GH-41488: [C++][Python] Apply timestamp_parsers as fallback when parsing CSV date and time columns by pearu · Pull Request #50146 · apache/arrow

pearu · 2026-06-10T09:42:17Z

Rationale for this change

CSV columns explicitly typed as date32, date64, time32 or time64 can only be parsed from strict ISO-8601 strings: ConvertOptions::timestamp_parsers is consulted only for timestamp columns. Reading e.g. 15-OCT-15 into a date32 column fails even with timestamp_parsers=["%d-%b-%y"], and 7:55:00 (non-zero-padded hour) fails for time32[s]. Users currently work around this by declaring such columns as timestamp, reading, then casting back to the date/time type.

Effect on the issues collected in #41488:

Closes [C++] Unable to read date64 or date32 in specific format from CSV #28303 (date32/date64 with a custom format such as %d-%b-%y).
Closes Allow ConvertOptions.timestamp_parsers for date types #33357 (its reproducer — date32 column with timestamp_parsers=["%Y/%m/%d"] — now works as requested).
[Python] ArrowInvalid: CSV conversion error to date32[day]: invalid value '2000-01-01 00:00:00' #37180 is addressed but not auto-closed: it asks for ISO timestamp strings (2000-01-01 00:00:00) in a date32 column to convert by default.

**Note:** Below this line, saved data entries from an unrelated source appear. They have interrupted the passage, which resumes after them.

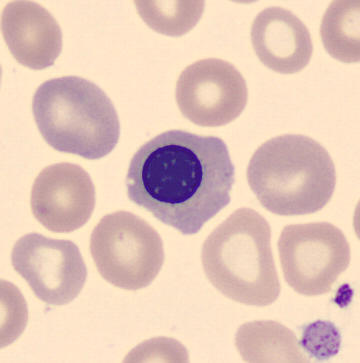Single cell identified as an erythroblast.

Peripheral blood film.
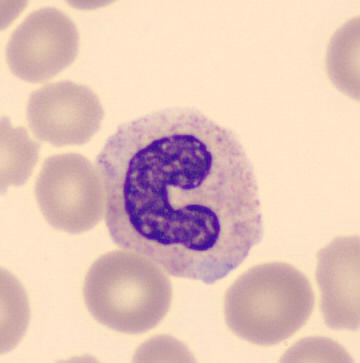Q: Identify the cell.
A: It is a band-form neutrophil. May-Grünwald-Giemsa-stained · single-cell crop · peripheral blood smear.
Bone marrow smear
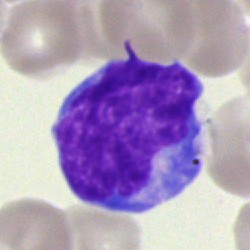

Blast.
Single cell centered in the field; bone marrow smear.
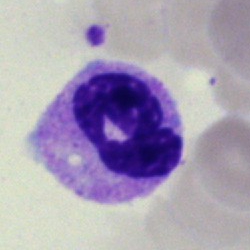
Single cell identified as a segmented neutrophil.
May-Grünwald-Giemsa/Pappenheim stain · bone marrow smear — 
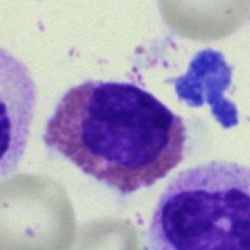
Q: What is the morphological classification of this cell?
A: It is an eosinophil.
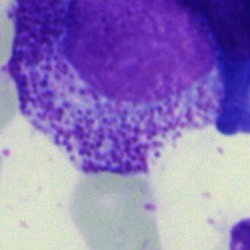
Specimen: bone marrow aspirate smear.
Cell: progranulocyte.
Lineage: myeloid.
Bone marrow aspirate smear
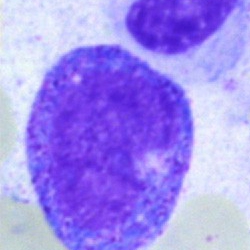Specimen: bone marrow aspirate smear.
Morphological class: promyelocyte.
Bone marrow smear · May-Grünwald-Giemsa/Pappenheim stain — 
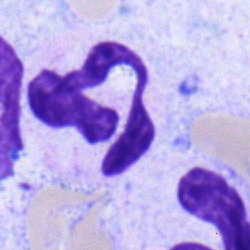

Morphology consistent with a polymorphonuclear neutrophil.
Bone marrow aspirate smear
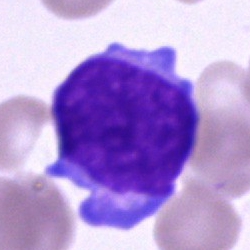 Impression — blast cell.
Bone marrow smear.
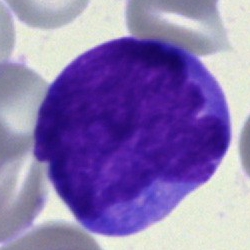Morphology — undifferentiated blast.
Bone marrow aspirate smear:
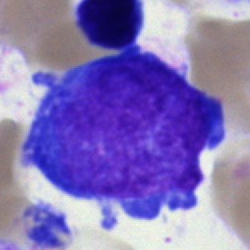 Specimen: bone marrow smear.
Cell type: blast cell.
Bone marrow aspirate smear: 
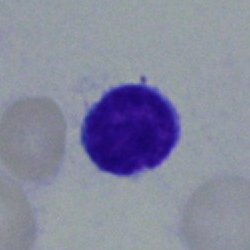 Impression → lymphocyte.
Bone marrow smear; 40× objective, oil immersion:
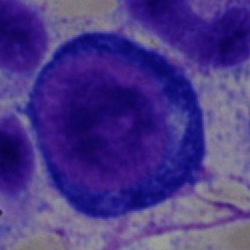 Proerythroblast.
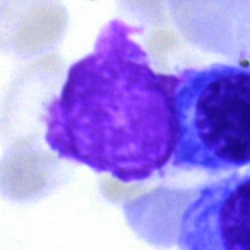
The cell shown is an artefact.
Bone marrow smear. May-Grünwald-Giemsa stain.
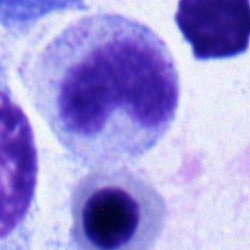Q: What is shown here?
A: It is a stab cell.
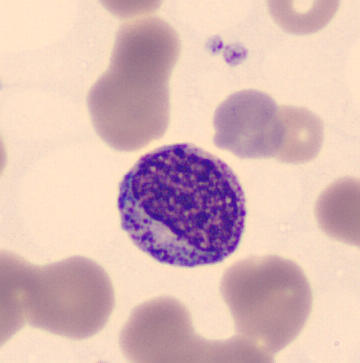

Morphological class — myelocyte.

Preparation: Peripheral blood smear.
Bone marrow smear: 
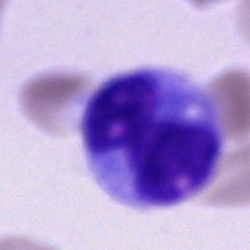
Q: What cell is this?
A: Monocyte.
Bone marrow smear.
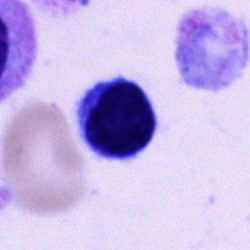The classification is lymphocyte.
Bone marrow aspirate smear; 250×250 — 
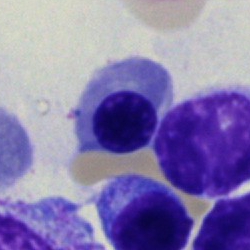 The cell shown is an erythroblast.
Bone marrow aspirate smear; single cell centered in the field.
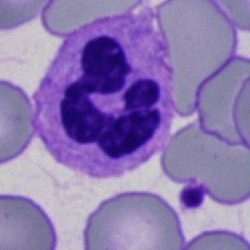Specimen: bone marrow aspirate smear.
Cell: segmented neutrophil.
Lineage: myeloid.
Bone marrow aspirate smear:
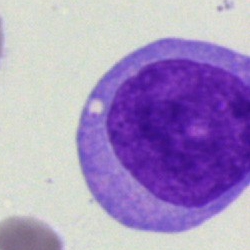

Showing a blast cell.
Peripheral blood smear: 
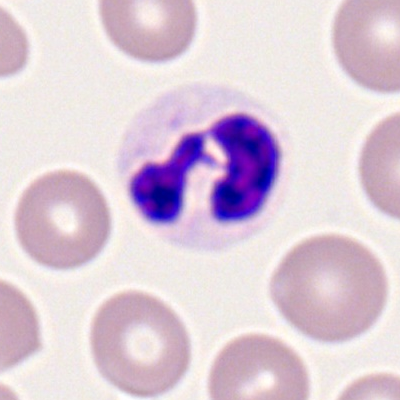 Q: What is shown here?
A: A segmented neutrophil.
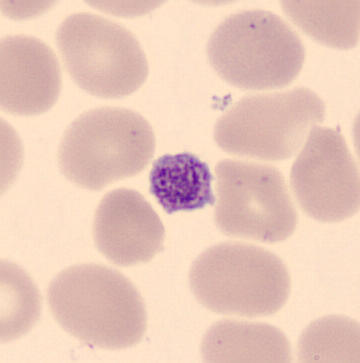

Peripheral blood film.

The morphological class is thrombocyte.
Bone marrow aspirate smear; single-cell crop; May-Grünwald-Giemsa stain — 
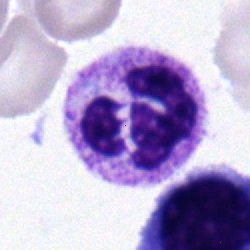 A neutrophil (segmented).
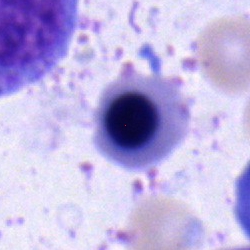 Cell type = nucleated red cell.
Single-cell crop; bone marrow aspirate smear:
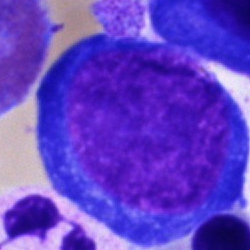
Cell type: pronormoblast.
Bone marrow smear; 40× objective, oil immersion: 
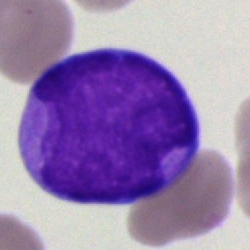The cell shown is an undifferentiated blast.
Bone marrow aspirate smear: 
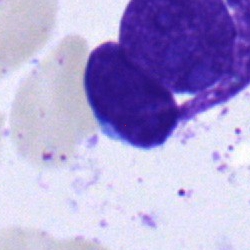 Cell type — lymphocyte.

With this PR that works by opting in via timestamp_parsers=[ISO8601]; the no-parsers default still errors, deliberately, so that time-of-day truncation only happens when the user asked for it. Whether the remaining default-behavior ask should be implemented or declined is left to that issue.
[C++] Use timestamp parsers for date32() CSV parsing #26224 (closed as not-planned when consolidated into CSV reader cannot parse dates or times #41488) asked for exactly the date32 behavior implemented here.
As a side effect of the vendored strptime fix, [C++][R] strptime fails to parse with %b or %B on Windows #31816 (%b/%B fail on Windows) and [C++][Python] strptime fails to parse with %p on Windows #31971 (%p fails on Windows) are also resolved for all timestamp_parsers users; %z remains unsupported on Windows (kStrptimeSupportsZone, unchanged).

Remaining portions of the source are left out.